17.2.10

Marie

Quando saiu de casa, Marie estava linda. Linda e inteira. Marie sempre saia de casa assim. Mas nem sempre voltava.
As pernas longas cobertas por uma meia fina e a sapatilha barulhenta desceram as escadas do terceiro andar com pressa, sem esperar a manga do vestido ser ajeitada sobre os braços ou o batom ser colocado nos lábios.
-Táxi, táxi! - Três carros pararam. Um deles, nem táxi era.
Como de praxe, Marie chegou um par de horas atrasada. Entrou na festa e pegou o primeiro copo de bebida discretamente. Sentou-se em uma mesa de amigos e conversou durante o segundo, terceiro e quarto copos. No quinto, se levantou para trocar de pessoas. Essa era Marie, trocava de pessoas sempre que lhe era conveniente.
Um par de olhos azuis e sorriso faiscante (extremamente convenientes) chamaram sua atenção do outro lado do salão. Marie se dirigiu à mesa desconhecida preocupando-se somente com o batom.
E na nova mesa, mais cinco copos foram esvaziados, gargalhadas foram dadas, um amigo do jardim de infância foi encontrado e ficou intima de 7 outras pessoas (dentre elas, o dono dos olhos azuis).
Descobriu que o nome dele era Louie e tinha 29 anos, era dono do Smart vermelho estacionado na porta, mas no verão usava sua Vespa de estimação.
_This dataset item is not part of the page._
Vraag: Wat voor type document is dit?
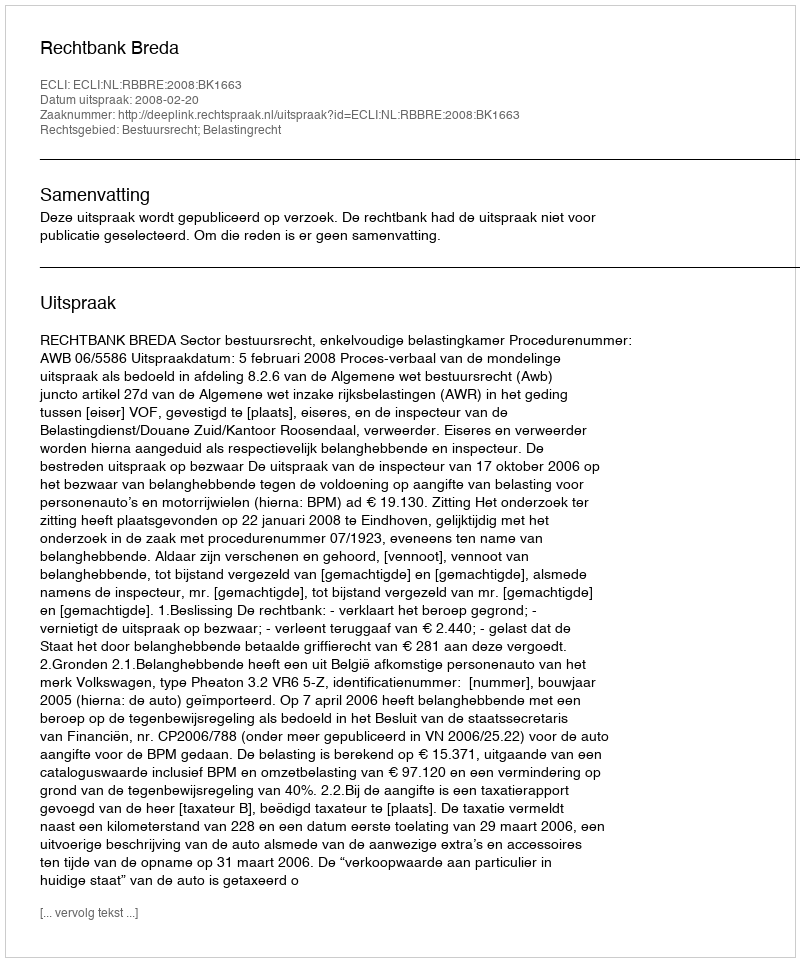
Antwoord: Uitspraak

Morava sozinho em um apartamento de dois quartos, tocava piano e violão, gostava de cachorros, viajar e sushi e estava com os olhos em Marie desde seu terceiro copo.
A ultima parte chegou aos ouvidos de Marie através de cochichos. E logo que chegou, ela abriu um sorriso mais que convidativo para Louie.
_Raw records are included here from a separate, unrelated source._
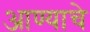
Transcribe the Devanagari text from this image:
आण्याचे
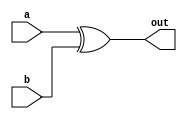

module xor_gate(input a, input b, output out);

    assign out = a ^ b;

endmodule
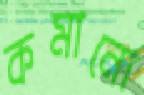
কমানো
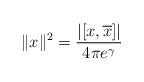
LaTeX: \begin{align*} \| x \|^2 = \frac{ | [x,\overline{x}] | } { 4\pi e^\gamma }\end{align*}
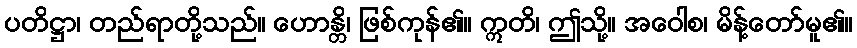
ပတိဋ္ဌာ၊ တည်ရာတို့သည်။ ဟောန္တိ၊ ဖြစ်ကုန်၏။ ဣတိ၊ ဤသို့။ အဝေါစ၊ မိန့်တော်မူ၏။
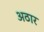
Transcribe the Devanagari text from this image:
अठार
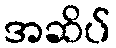
အဆိပ်
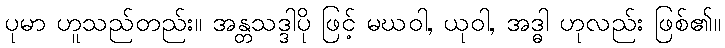
ပုမာ ဟူသည်တည်း။ အန္တသဒ္ဒါပို ဖြင့် မဃဝါ, ယုဝါ, အဒ္ဓါ ဟုလည်း ဖြစ်၏။
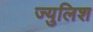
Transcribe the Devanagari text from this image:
ज्युलिश
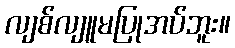
လျစ်လျူမပြုအပ်ဘူး။
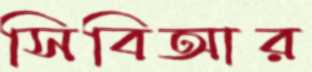
সিবিআর
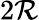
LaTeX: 2\mathcal{R}
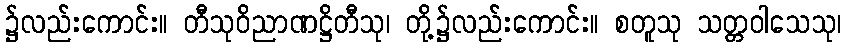
၌လည်းကောင်း။ တီသုဝိညာဏဋ္ဌိတီသု၊ တို့၌လည်းကောင်း။ စတူသု သတ္တဝါသေသု၊
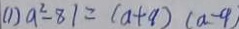
( 1 ) a ^ { 2 } - 8 1 = ( a + 9 ) ( a - 9 )
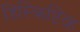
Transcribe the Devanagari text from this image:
डिस्क्रिप्टिव्ह
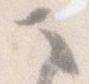
ま
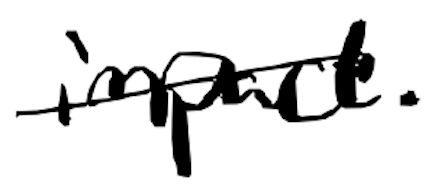
Text: impact.
Cross-out: single-line
Writing tool: digital_black
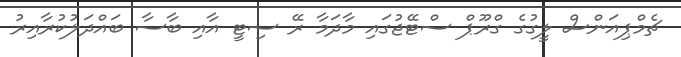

Sem desculpas ou explicações, ambos se dirigiram à saída, lado a lado, sem se tocar. A beleza deles confrontava, uma tentando ser mais bela que a outra, e, juntas, eram mais belas que todos. E todos assistiam ao confronto invisível sem ao menos respirar.
Era a fuga dos sonhos de Marie. Uma festa bacana, um cara legal. A única diferença era que tudo era bem mais sexy na vida real.
Entraram no Smart e Louie dirigiu sem rumo por um longo tempo, até decidir parar em um parque silencioso, habitado por dois mendigos e um punhado de pássaros.
Marie saiu do carro carregando duas garrafas de champagne que compraram no caminho. Andou o mais rápido que pode, lutando contra o desconforto das sapatilhas, até alcançar Louie, que a aguardava com um sorriso no rosto. Juntos, sentaram-se em um gramado úmido, abraçados, olhando para as luzes da noite da cidade.
A champagne acabou antes do começo da conversa, que durou até o nascer do sol.
Conversaram sobre suas vidas, sobre a vida dos outros, sobre sonhos, festas, livros, filmes e, no final, estavam discutindo sobre espiritualidade. Mas chegaram a um consenso: deveriam ir para a casa dele.
Entraram no quarto correndo, mas demoraram-se descobrindo um ao outro. Sentiram-se satisfeitos apenas no dia seguinte.
E Marie chegou em casa descabelada, sem meias ou sapatos, vestindo uma camisa masculina e um sorriso preso às palavras "Te pego em duas horas".